The Allele Frequency Calculator

VCF files of variant sites and genotypes, released by the 1000 Genomes Project, are usually annotated with allele frequencies (AF) at the global and continental super population levels. Many users also want the AF of certain variants for the specific populations of interest. The AF Calculator provides an interface to generate AF for variants in a given genomic interval for a given population. If no specific population is specified, the tool will calculate and output AF for every population in the input files.

Input Files:

The AF Calculator takes a VCF file containing individual genotypes and a sample to population mapping file as input files. Both these files are released by the 1000 Genomes Project as part of their standard released on the project FTP site. The tool will also work with external files independent from the project, provided they are publicly visible.
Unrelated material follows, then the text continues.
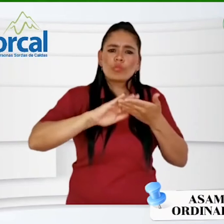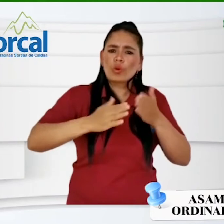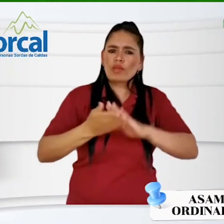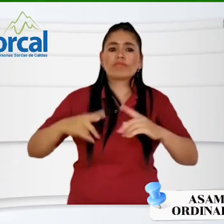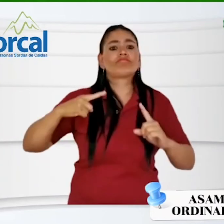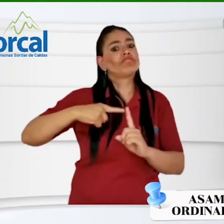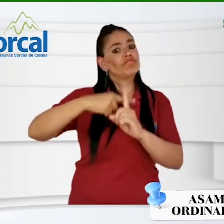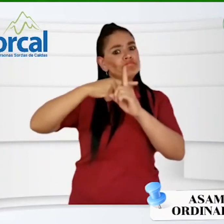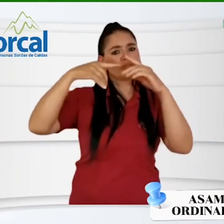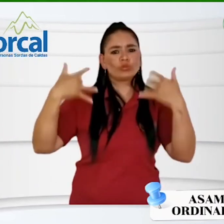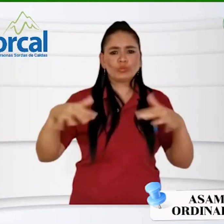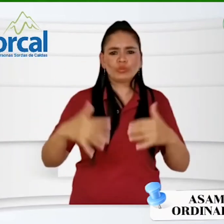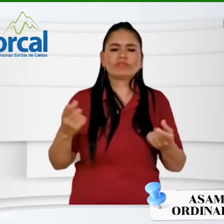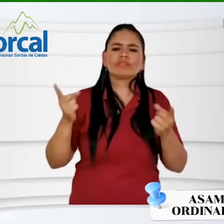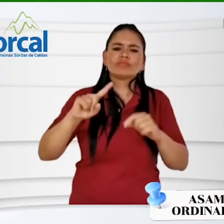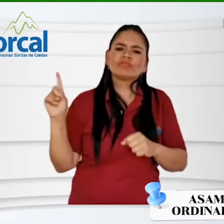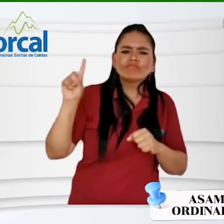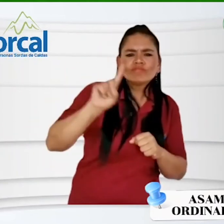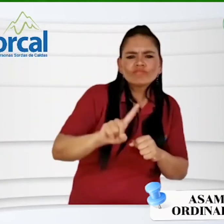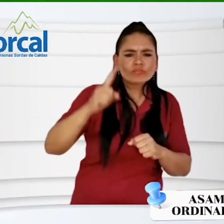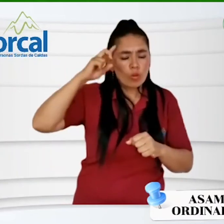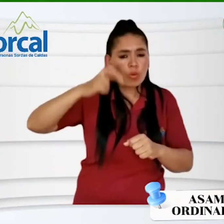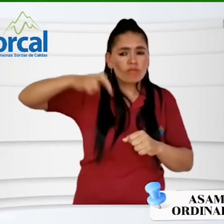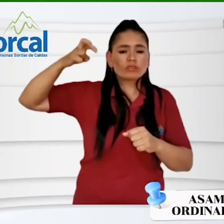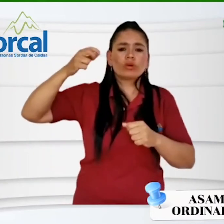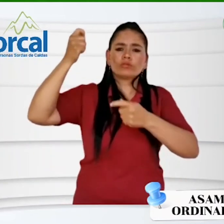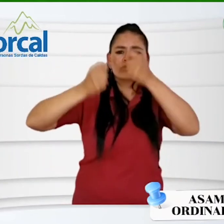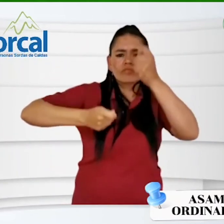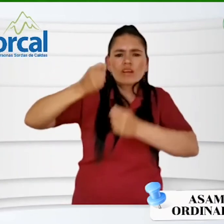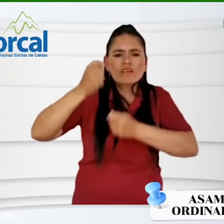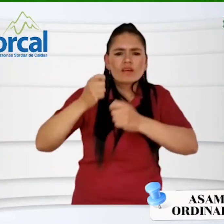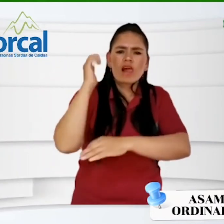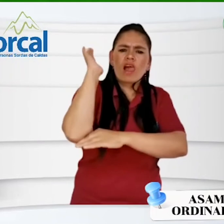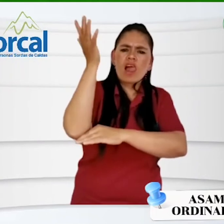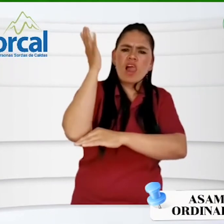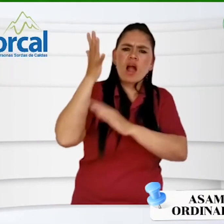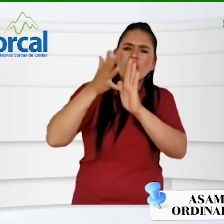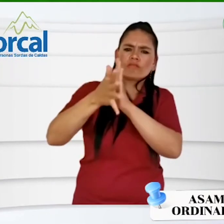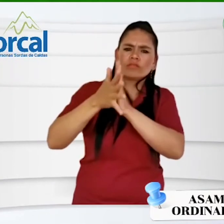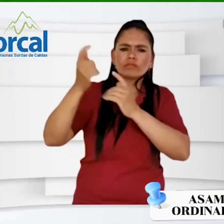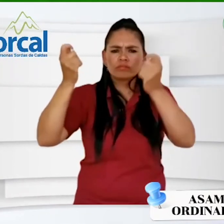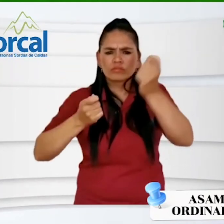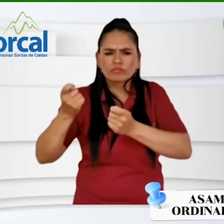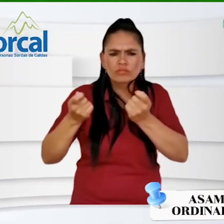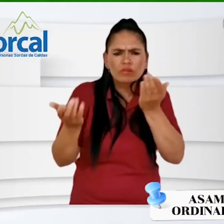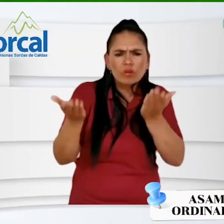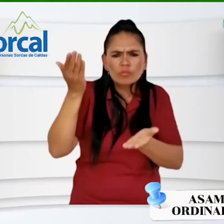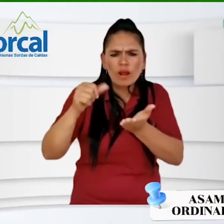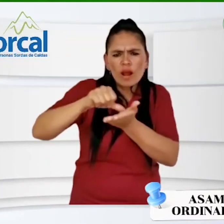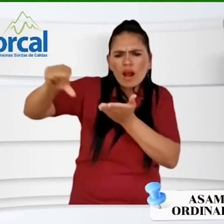la comunidad sorda, lo cual fue muy positivo. También el contador realizó el informe de los estados financieros, el cual fue muy
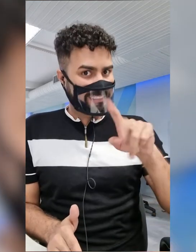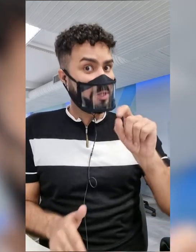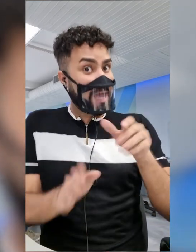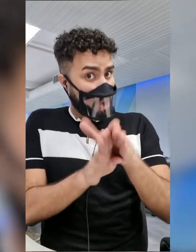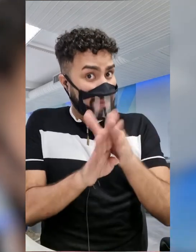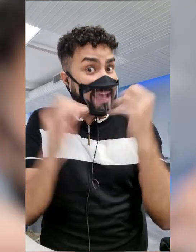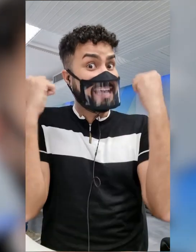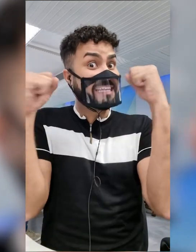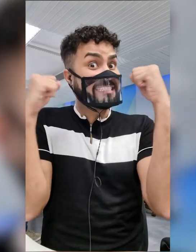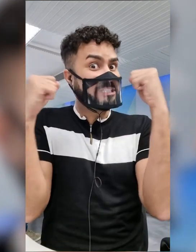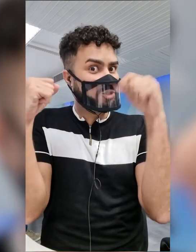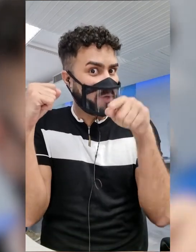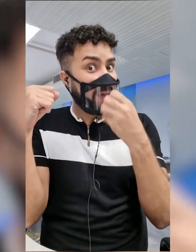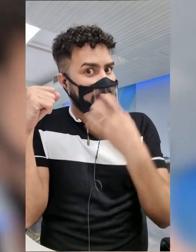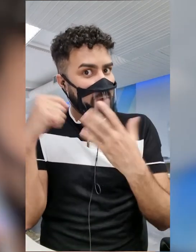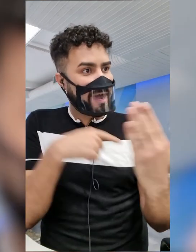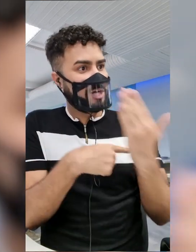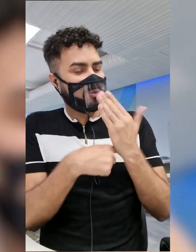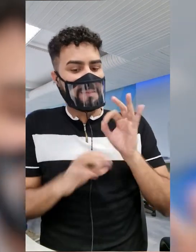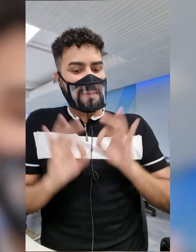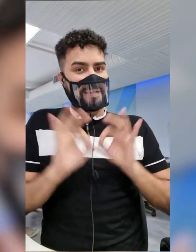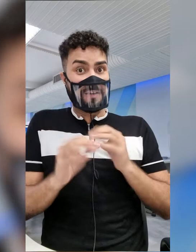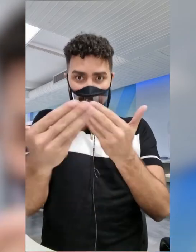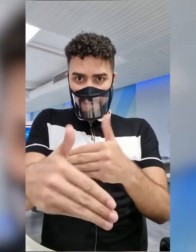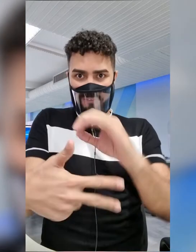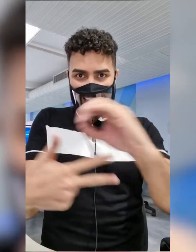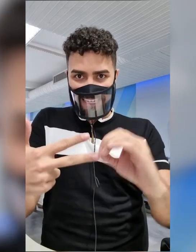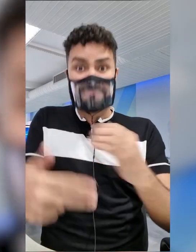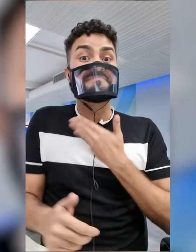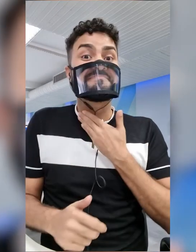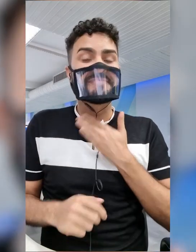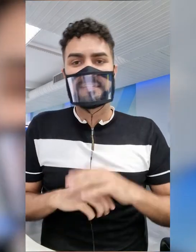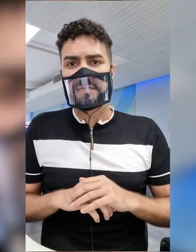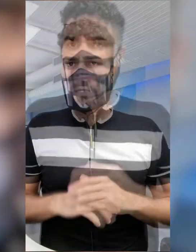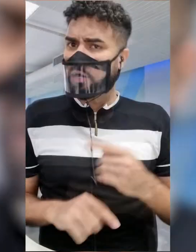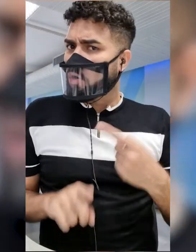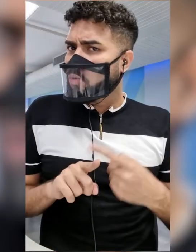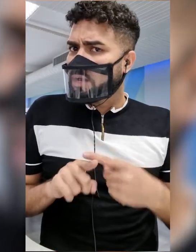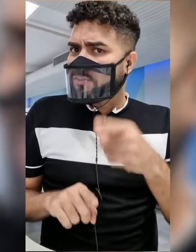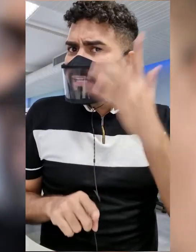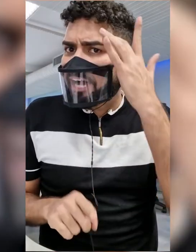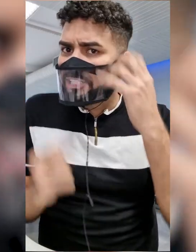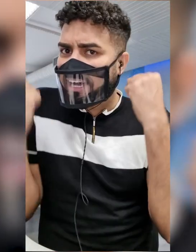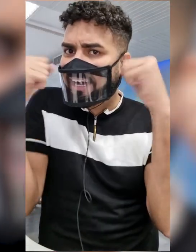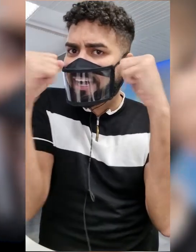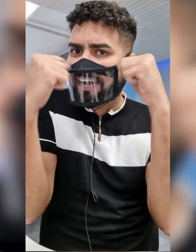recomenda a prática de exercícios físicos como uma aliada na preparação para o Enem. Por que o exercício físico ajuda bastante?

Local files can be used as input to the API Perl script of the Calculator.

The VCF file format specifications can be found at the hts-specs website.

The VCF files must be indexed by tabix. All vcf files found on the 1000 Genomes FTP site are indexed using this method. The tabix software is available from the SAMtools sourceforge project.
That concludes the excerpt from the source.